Reliance/Causation - the determinative finding

  1. Should I be mistaken in finding that the applicant failed to prove the alleged representations were made, or if made did not amount to deceptive or misleading representations, I also, for the following reasons, find the applicant in any event failed to prove it relied on the representations.

  2. In essence, the Applicant relies on two bases for its claim for compensation:

    1)misleading and/or deceptive representations were made that induced the applicant to enter into the franchise agreement; and

    2)the respondents were under an obligation to comply with the disclosure requirements under the Code; principally, the requirement to give details of former or other franchisees.

  3. To be successful under either of these two bases for compensation, the applicant must prove that it was reliant in the first instance on the representations made and/or in the second instance the Court must also be satisfied that the breach of the disclosure obligations was causative of the loss suffered.

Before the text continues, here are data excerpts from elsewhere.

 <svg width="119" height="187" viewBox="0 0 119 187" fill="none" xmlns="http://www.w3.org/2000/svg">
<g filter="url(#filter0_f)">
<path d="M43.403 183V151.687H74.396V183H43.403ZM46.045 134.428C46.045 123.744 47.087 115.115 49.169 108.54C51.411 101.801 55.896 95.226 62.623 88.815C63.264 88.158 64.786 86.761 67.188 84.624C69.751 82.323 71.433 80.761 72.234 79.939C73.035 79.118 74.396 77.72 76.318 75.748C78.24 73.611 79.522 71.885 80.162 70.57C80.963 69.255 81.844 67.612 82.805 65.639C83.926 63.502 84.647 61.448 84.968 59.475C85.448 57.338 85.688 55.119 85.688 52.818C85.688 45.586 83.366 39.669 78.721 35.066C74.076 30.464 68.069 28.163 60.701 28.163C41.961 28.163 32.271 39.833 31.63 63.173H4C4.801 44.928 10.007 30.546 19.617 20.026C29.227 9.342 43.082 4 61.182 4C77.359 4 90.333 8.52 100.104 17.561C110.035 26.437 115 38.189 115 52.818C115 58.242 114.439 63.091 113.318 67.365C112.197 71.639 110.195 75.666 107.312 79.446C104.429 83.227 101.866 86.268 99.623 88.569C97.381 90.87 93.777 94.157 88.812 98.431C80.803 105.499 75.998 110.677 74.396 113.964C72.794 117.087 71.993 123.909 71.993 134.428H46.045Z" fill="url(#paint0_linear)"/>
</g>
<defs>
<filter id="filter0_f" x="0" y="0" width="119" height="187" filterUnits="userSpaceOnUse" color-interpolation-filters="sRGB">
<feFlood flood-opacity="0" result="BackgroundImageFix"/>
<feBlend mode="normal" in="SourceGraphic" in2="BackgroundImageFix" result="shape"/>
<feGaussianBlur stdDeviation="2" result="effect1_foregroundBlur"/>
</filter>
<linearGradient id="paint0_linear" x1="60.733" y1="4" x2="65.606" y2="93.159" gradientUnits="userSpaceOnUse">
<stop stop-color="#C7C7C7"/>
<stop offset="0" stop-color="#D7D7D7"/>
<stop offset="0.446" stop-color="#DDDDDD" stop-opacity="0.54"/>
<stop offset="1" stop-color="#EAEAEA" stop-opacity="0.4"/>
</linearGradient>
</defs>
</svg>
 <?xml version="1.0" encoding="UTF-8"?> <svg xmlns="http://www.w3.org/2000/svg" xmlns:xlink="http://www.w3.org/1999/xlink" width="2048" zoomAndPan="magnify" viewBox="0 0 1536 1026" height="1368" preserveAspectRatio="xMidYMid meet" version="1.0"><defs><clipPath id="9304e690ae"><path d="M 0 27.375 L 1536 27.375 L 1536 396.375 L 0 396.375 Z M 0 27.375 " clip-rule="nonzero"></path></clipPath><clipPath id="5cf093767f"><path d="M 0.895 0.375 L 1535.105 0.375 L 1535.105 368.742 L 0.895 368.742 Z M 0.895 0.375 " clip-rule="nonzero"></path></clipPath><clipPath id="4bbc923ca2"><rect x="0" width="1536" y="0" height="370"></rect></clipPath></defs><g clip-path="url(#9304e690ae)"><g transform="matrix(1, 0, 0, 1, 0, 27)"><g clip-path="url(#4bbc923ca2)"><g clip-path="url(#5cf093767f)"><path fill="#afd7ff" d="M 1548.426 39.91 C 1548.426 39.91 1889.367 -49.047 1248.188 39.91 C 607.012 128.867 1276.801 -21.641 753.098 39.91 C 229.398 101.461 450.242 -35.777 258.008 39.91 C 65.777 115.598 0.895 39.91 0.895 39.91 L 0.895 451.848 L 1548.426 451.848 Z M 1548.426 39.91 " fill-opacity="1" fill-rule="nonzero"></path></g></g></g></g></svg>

  4. For the sake of argument, excepting a finding that the representations as alleged were made and were misleading or deceptive, or alternatively there was proved to be an obligation on one or more of the respondents to make the disclosure as required by the Code which they failed to do, there still is the crucial need to find that there was reliance or causation.

  5. In this particular case, I find no need to assess and analyse the various arguments put to me in submissions about whether there was an obligation placed upon TBJ (as the eventually admitted franchisor) to make the disclosures allegedly required to be made, as I am of the view, on all the evidence I have heard, that the applicant fails to establish the reliance or causal aspects necessary for a successful action.

  6. I am satisfied on the whole, the evidence, notwithstanding the fact that TBJ failed to comply with Clause 6 of the Code and provide the contact details of Jocnsoc Pty Ltd and SJ Home Services Pty Ltd,


    Mr Tyler had full knowledge of their existence, he had pursued to some degree a request that he be provided with those contact details, but chose in the end to go ahead and enter into the agreement, notwithstanding his knowledge that there had been the unsuccessful involvement of other franchisees in his area in the past. Mr Tyler left me with the impression that he was confident in his own capacity, as an accountant, and as someone who employed his own better practices (i.e. business plan) that he did not need to make any further enquiries and assumed, as I found he must have done in this case, responsibility of taking the action when he entered into the franchise agreement.  I am not satisfied that even if he had made contact with


    Mr O’Connor and Mr Jane before entering into the agreement, he would not have committed himself to the franchise business.

The Cross-claim

  1. It follows from the above findings that there was not a total failure of consideration and that the agreement was repudiated by the applicant.  The amended cross-claim by TBJ is therefore, the amount due under the agreement, which is clearly spelt out in the agreement, which provided for minimum payments to be made, until TBJ ceased conducting business as the State Master Franchisee for Victoria in February 2012 when a new State Franchisee was appointed.  No issue was taken as to the quantum of this amended claim by the applicant in submissions and I am satisfied it is an amount properly due to TBJ.  Accordingly, there will be an order to that effect.

Conclusion

  1. For the above reasons, the applicant has failed in proving, in effect, the alleged representations were made; but more significantly that, even if they had been made, they were misleading or deceptive.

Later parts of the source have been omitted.